Hello!! My name is Mario Azzopardi, I am 32 years old and a disabled person. Because of my disability I need help everyday to walk and to do thing like normal people do. Due to my disability I do not work, so I have much free time at home and usually I spend my time taking care of pigeons. I am a pigeon fancer which means I have a loft and train pigeons for races. My mum helps me a lot in my hobby; she helps me clean the loft and feeding the pigeons. In this sports my disability doesn’t effect me, in fact in the season of 1993/1994 I finished 6th in the short distance race, at that time I was a member of the Sliema Racing Pigeon Club. Nowadays I am a member of another club which is the Northern District Homing Club and I am also a member of the committee.

The pigeons are part of my life, they are my best friends, and they help me live. I hope that this website serves as courage to people with a disability. If you want to do something, do it, no matter what. Where there is will, the is always a way.

   
 
The Sports of Pigeon Racing - VIDEO

 

Racing pigeons—more accurately described as racing doves—are, in fact, one of man's oldest feathered companions. Pigeons date to antiquity! Far from being a lowly servant, the racing pigeon was the special prerogative of kings, princes, and nobles of all kinds. During these past times it was contrary to law for a common man to own pigeons.

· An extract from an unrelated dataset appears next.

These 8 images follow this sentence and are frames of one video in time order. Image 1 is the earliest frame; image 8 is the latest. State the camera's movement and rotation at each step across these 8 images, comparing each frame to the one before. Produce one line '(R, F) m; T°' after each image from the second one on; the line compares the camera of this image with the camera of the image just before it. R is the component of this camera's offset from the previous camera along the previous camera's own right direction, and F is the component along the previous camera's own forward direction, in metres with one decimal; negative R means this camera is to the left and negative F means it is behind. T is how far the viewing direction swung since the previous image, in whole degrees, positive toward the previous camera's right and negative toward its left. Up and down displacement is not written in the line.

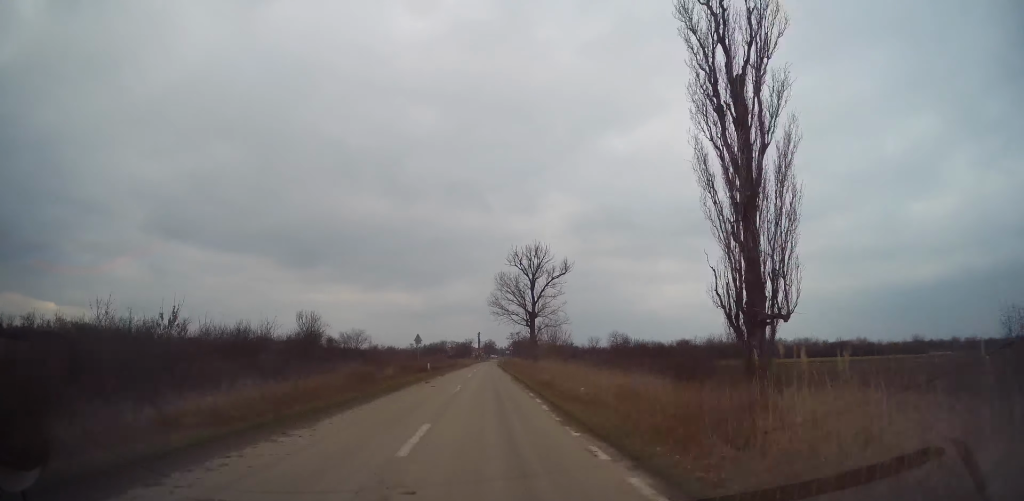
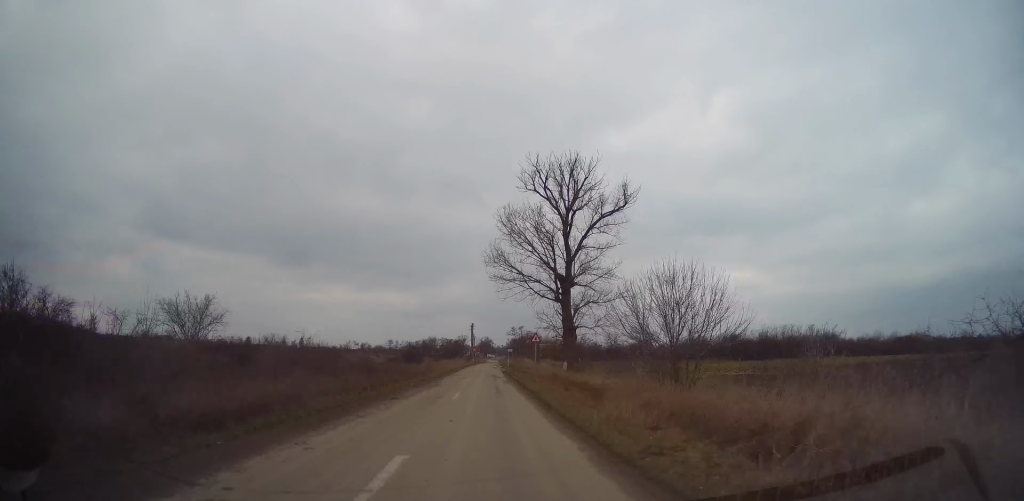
(-0.2, +38.1) m; 0°
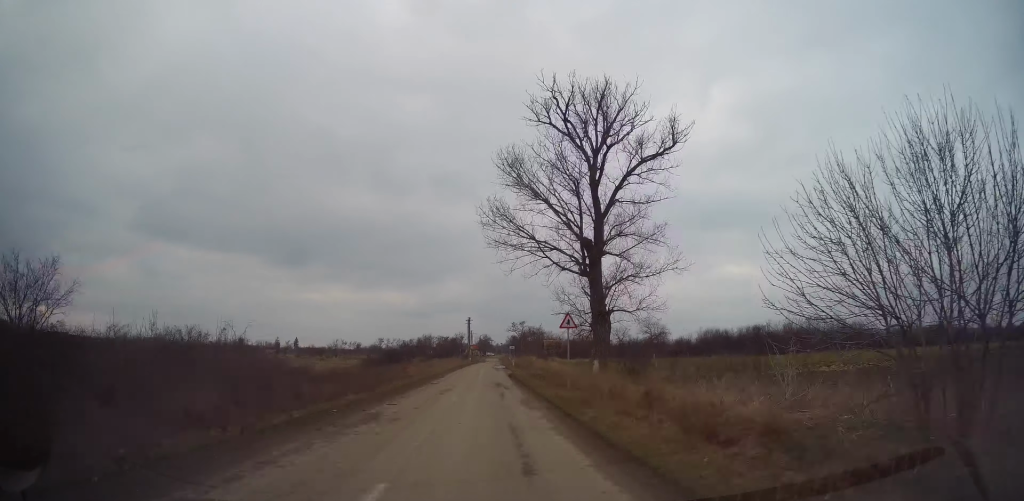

The great empires of Carthage, Egypt, and Rome made full use of them in many ways including the production of squabs (a great delicacy) as well as high-grade nitrogen (droppings) for their fields. The aforementioned civilizations also used pigeons in a great network of advanced communication. They kept emperors in touch with the most remote areas of their lands during a time when horse and riders or caravans would have taken weeks to deliver the same information. Caesar made formidable use of them during his conquest of Gaul.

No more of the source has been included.